On Mon, 2020-02-17 at 16:57 -0500, Stéphane Graber wrote:
On Mon, Feb 17, 2020 at 4:12 PM James Bottomley <
James.Bottomley@hansenpartnership.com> wrote:
quoted
On Fri, 2020-02-14 at 19:35 +0100, Christian Brauner wrote:
[...]
quoted
With this patch series we simply introduce the ability to create
fsid mappings that are different from the id mappings of a user
namespace. The whole feature set is placed under a config option
that defaults to false.
In the usual case of running an unprivileged container we will
have setup an id mapping, e.g. 0 100000 100000. The on-disk
mapping will correspond to this id mapping, i.e. all files which
we want to appear as 0:0 inside the user namespace will be
chowned to 100000:100000 on the host. This works, because
whenever the kernel needs to do a filesystem access it will
lookup the corresponding uid and gid in the idmapping tables of
the container.
Now think about the case where we want to have an id mapping of 0
100000 100000 but an on-disk mapping of 0 300000 100000 which is
needed to e.g. share a single on-disk mapping with multiple
containers that all have different id mappings.
This will be problematic. Whenever a filesystem access is
requested, the kernel will now try to lookup a mapping for 300000
in the id mapping tables of the user namespace but since there is
none the files will appear to be owned by the overflow id, i.e.
usually 65534:65534 or nobody:nogroup.
With fsid mappings we can solve this by writing an id mapping of
0 100000 100000 and an fsid mapping of 0 300000 100000. On
filesystem access the kernel will now lookup the mapping for
300000 in the fsid mapping tables of the user namespace.

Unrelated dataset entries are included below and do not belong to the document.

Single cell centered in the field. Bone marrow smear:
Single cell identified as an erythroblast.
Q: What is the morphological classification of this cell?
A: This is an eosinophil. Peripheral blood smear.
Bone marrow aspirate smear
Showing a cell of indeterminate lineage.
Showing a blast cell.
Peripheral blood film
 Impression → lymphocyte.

And
since such a mapping exists, the corresponding files will have
correct ownership.
How do we parametrise this new fsid shift for the unprivileged use
case? For newuidmap/newgidmap, it's easy because each user gets a
dedicated range and everything "just works (tm)". However, for the
fsid mapping, assuming some newfsuid/newfsgid tool to help, that
tool has to know not only your allocated uid/gid chunk, but also
the offset map of the image. The former is easy, but the latter is
going to vary by the actual image ... well unless we standardise
some accepted shift for images and it simply becomes a known static
offset.
For unprivileged runtimes, I would expect images to be unshifted and
be unpacked from within a userns.
For images whose resting format is an archive like tar, I concur.
So your unprivileged user would be allowed a uid/gid range through
/etc/subuid and /etc/subgid and allowed to use them through
newuidmap/newgidmap.In that namespace, you can then pull
and unpack any images/layers you may want and the resulting fs tree
will look correct from within that namespace.

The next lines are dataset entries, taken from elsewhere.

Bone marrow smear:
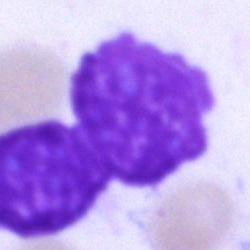 Impression — artefact.
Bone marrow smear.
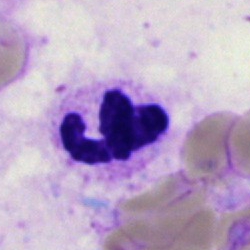
{"cell_type": "polymorphonuclear neutrophil", "lineage": "myeloid"}

All that is possible today and is how for example unprivileged LXC
works right now.
I do have a counter example, but it might be more esoteric: I do use
unprivileged architecture emulation containers to maintain actual
physical system boot environments. These are stored as mountable disk
images, not as archives, so I do need a simple remapping ... however, I
think this use case is simple: it's a back shift along my owned uid/gid
range, so tools for allowing unprivileged use can easily cope with this
use case, so the use is either fsid identity or fsid back along
existing user_ns mapping.
What this patchset then allows is for containers to have differing
uid/gid maps while still being based off the same image or layers.

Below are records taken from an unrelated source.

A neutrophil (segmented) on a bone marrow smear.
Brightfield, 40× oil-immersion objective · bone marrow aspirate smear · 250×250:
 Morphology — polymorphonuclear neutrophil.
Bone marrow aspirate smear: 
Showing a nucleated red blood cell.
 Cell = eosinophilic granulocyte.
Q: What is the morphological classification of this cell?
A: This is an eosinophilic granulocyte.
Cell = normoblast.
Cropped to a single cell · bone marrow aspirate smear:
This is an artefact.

In this scenario, you would carve a subset of your main uid/gid map
for each container you run and run them in a child user namespace
while setting up a fsuid/fsgid map such that their filesystem access
do not follow their uid/gid map. This then results in proper
isolation for processes, networks, ... as everything runs as
different kuid/kgid but the VFS view will be the same in all
containers.
Who owns the shifted range of the image ... all tenants or none?
Shared storage between those otherwise isolated containers would also
work just fine by simply bind-mounting the same path into two or more
containers.
Now one additional thing that would be safe for a setuid wrapper to
allow would be for arbitrary mapping of any of the uid/gid that the
user owns to be used within the fsuid/fsgid map. One potential use
for this would be to create any number of user namespaces, each with
their own mapping for uid 0 while still having all VFS access be
mapped to the user that spawned them (say uid=1000, gid=1000).
Note that in our case, the intended use for this is from a privileged
runtime where our images would be unshifted as would be the container
storage and any shared storage for containers. The security model
effectively relying on properly configured filesystem permissions and
mount namespaces such that the content of those paths can never be
seen by anyone but root outside of those containers (and therefore
avoids all the issues around setuid/setgid/fscaps).
Yes, I understand ... all orchestration systems are currently hugely
privileged. However, there is interest in getting them down to only
"slightly privileged".
James
We will then be able to allocate distinct, random, ranges of 65536
uids/gids (or more) for each container without ever having to do any
uid/gid shifting at the filesystem layer or run into issues when
having to setup shared storage between containers or attaching
external storage volumes to those containers.